# What is expected:
Go through the listing below and write out exactly the lines from the one that mentions "Wärme, für Industrie- und" through the one that mentions "jak się wydaje, główne", minus the pictures.

*** Dataset records Section Begins ***

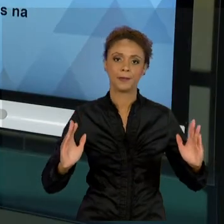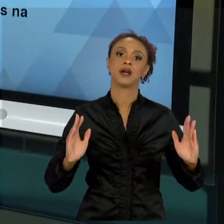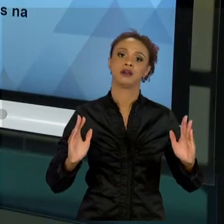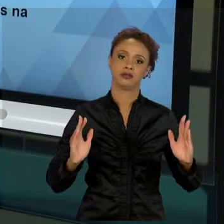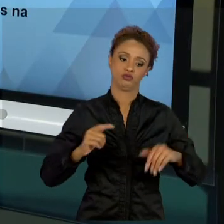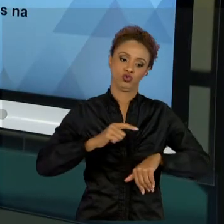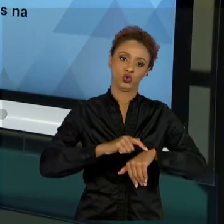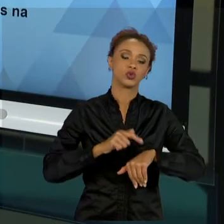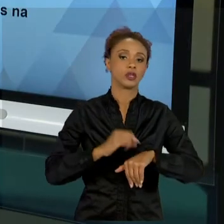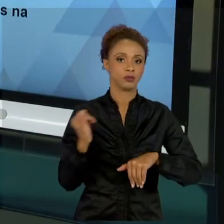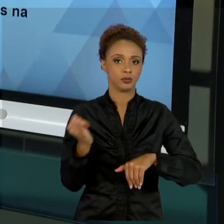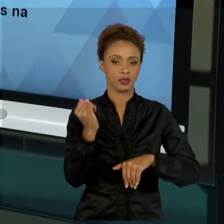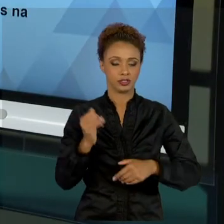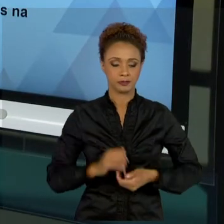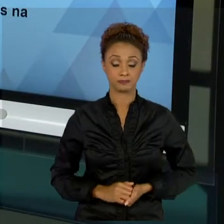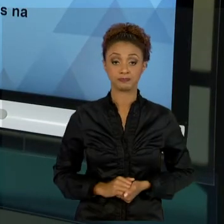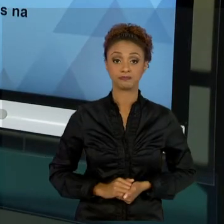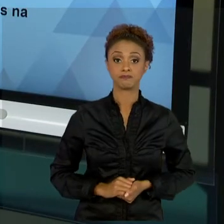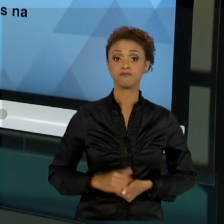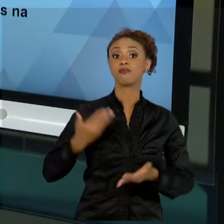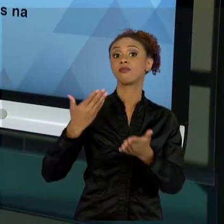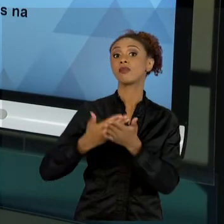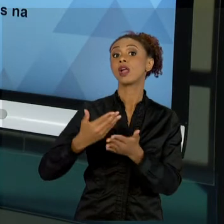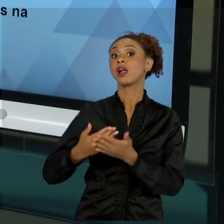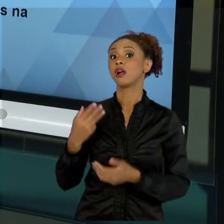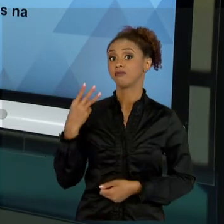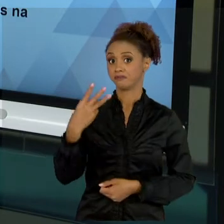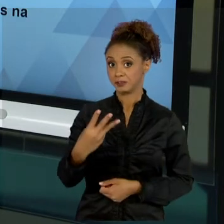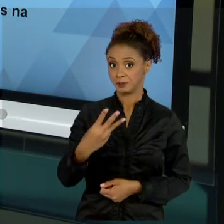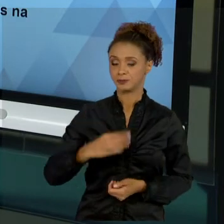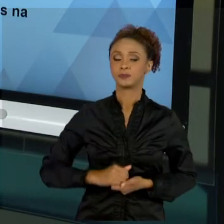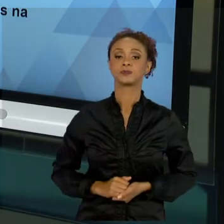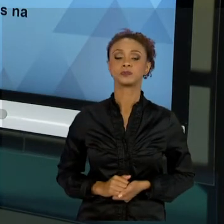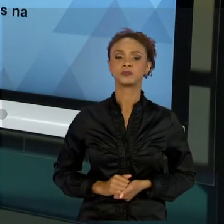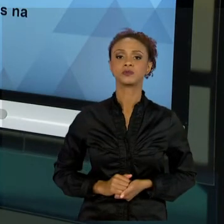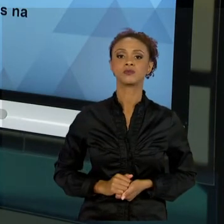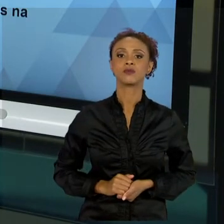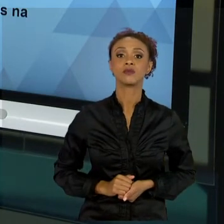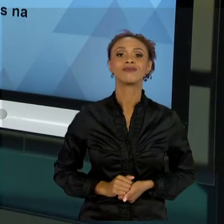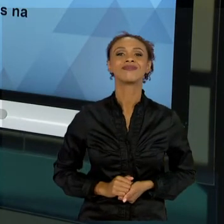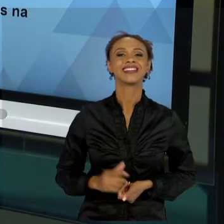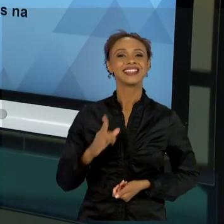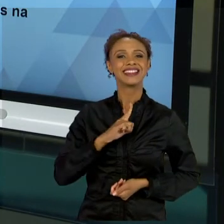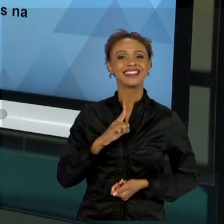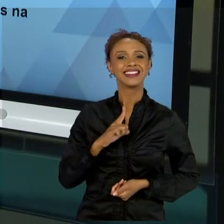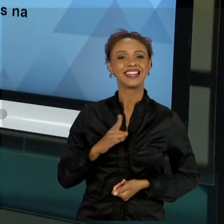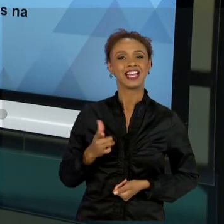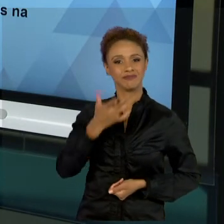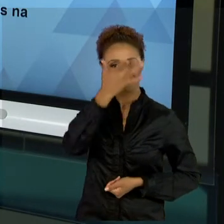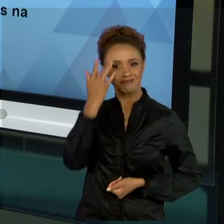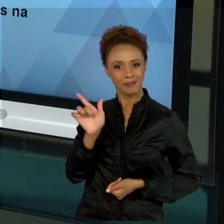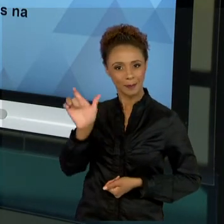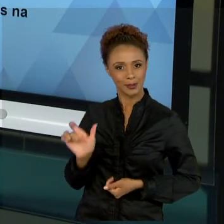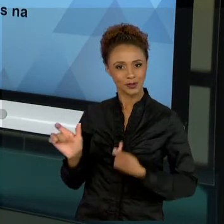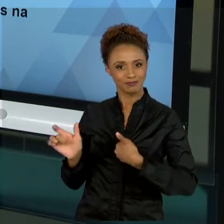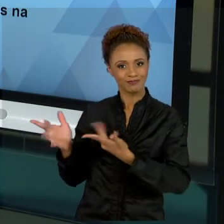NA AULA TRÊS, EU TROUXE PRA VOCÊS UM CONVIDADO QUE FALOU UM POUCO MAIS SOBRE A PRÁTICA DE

*** Dataset records Section Ends ***
*** Dataset records Section Begins ***

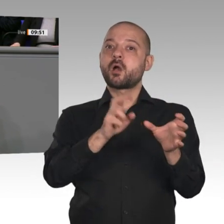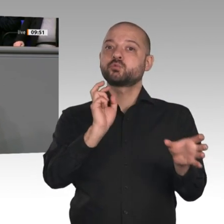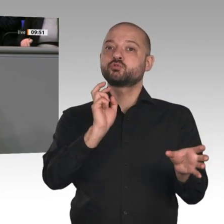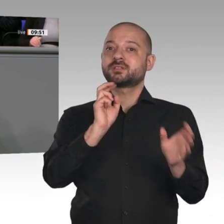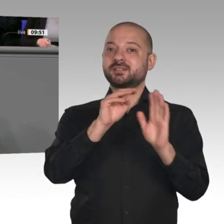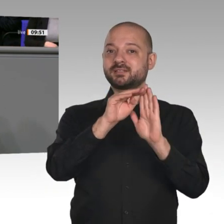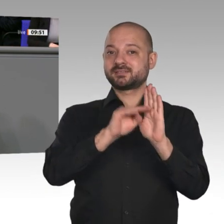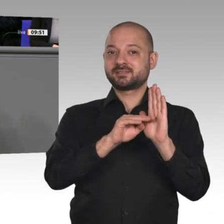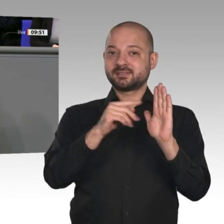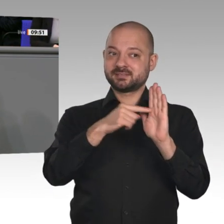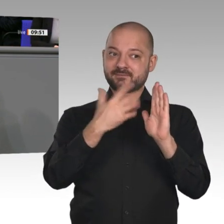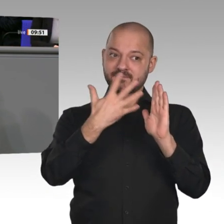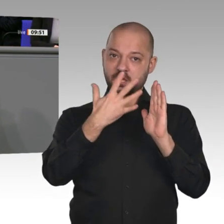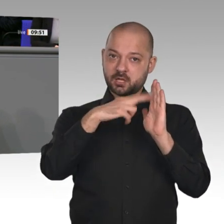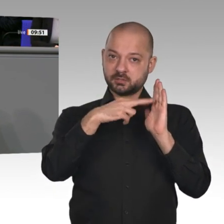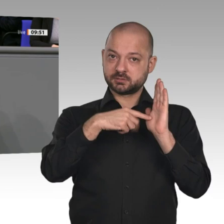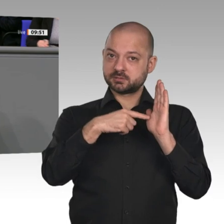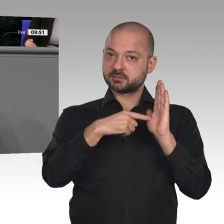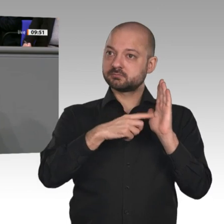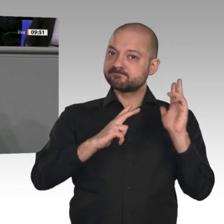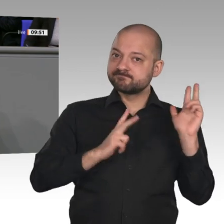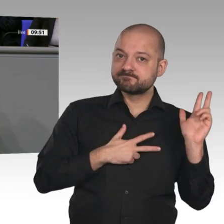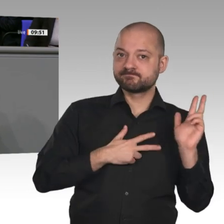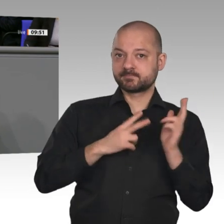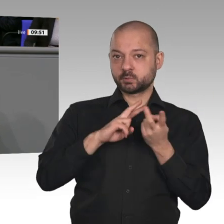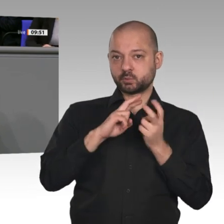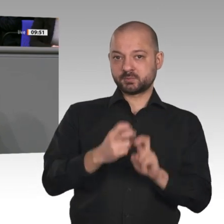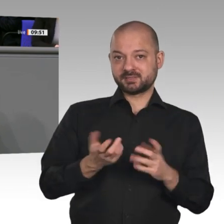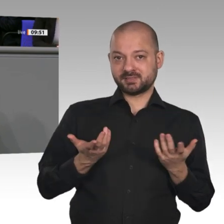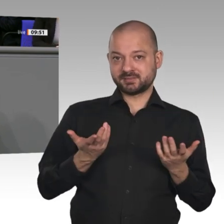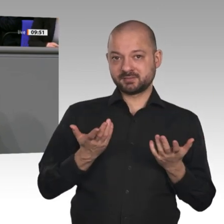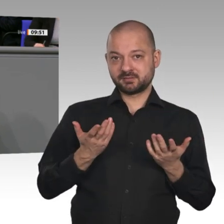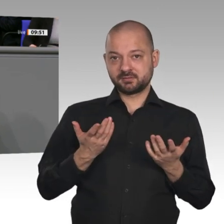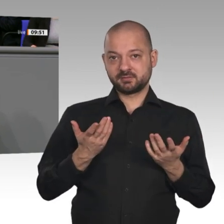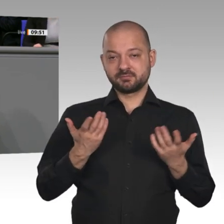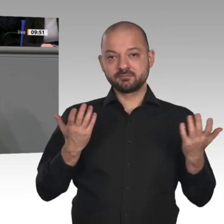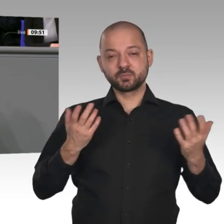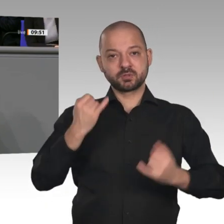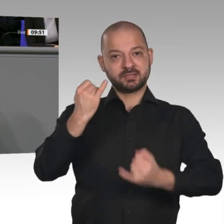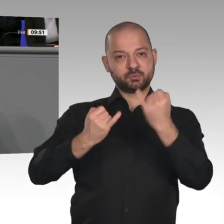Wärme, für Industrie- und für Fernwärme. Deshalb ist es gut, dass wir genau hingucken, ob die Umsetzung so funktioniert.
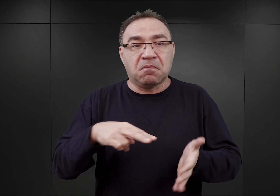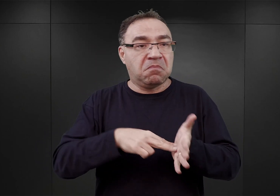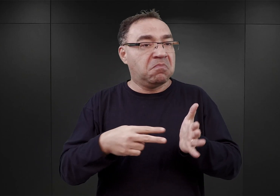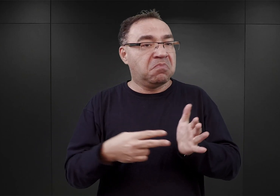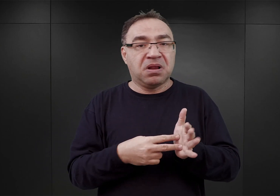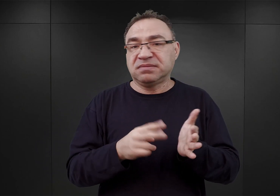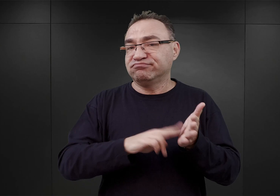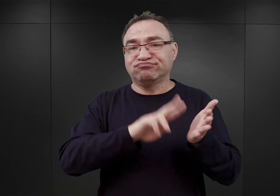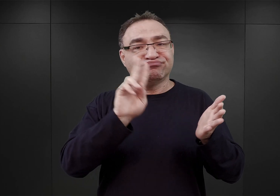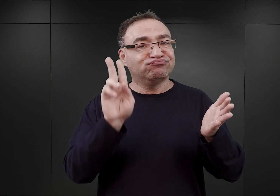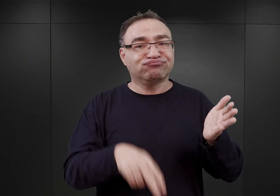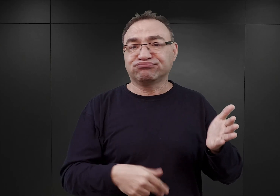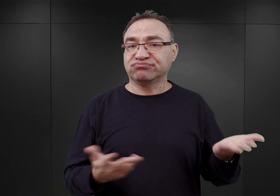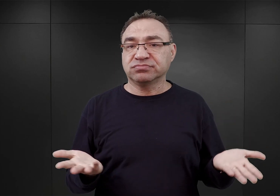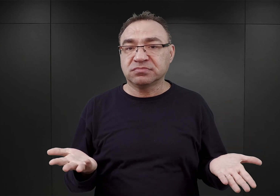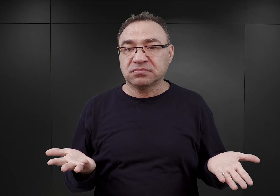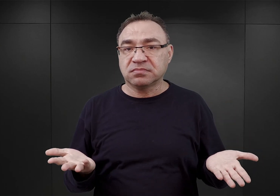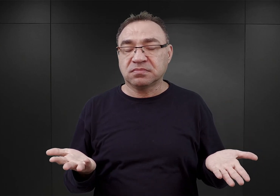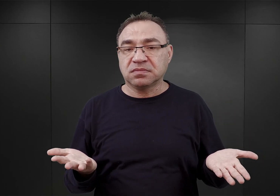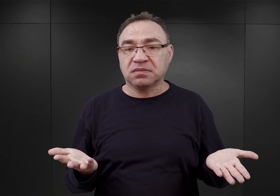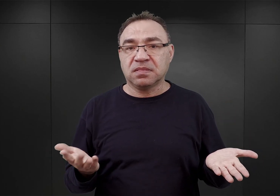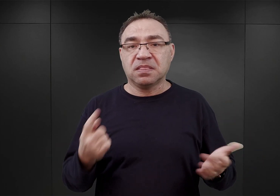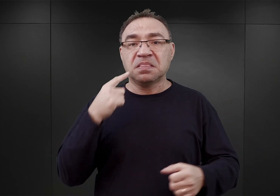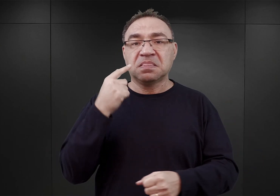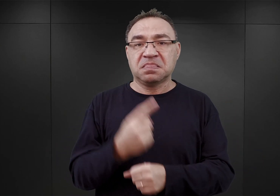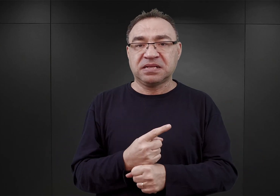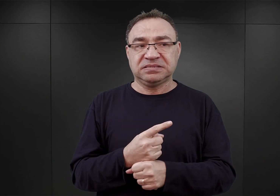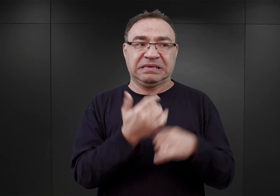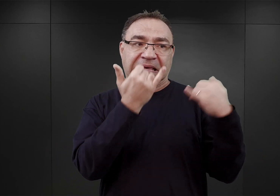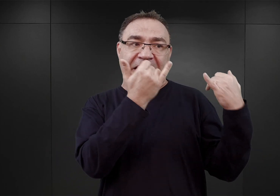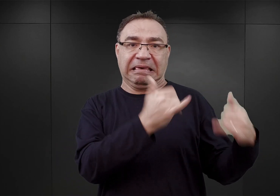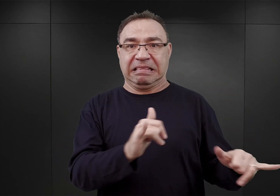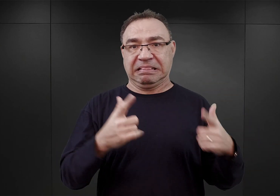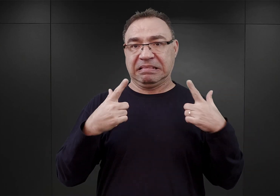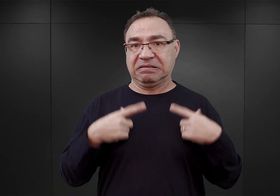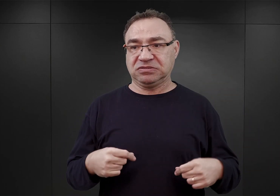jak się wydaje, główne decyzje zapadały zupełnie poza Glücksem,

*** Dataset records Section Ends ***

# Task result:
Wärme, für Industrie- und für Fernwärme. Deshalb ist es gut, dass wir genau hingucken, ob die Umsetzung so funktioniert.
jak się wydaje, główne decyzje zapadały zupełnie poza Glücksem,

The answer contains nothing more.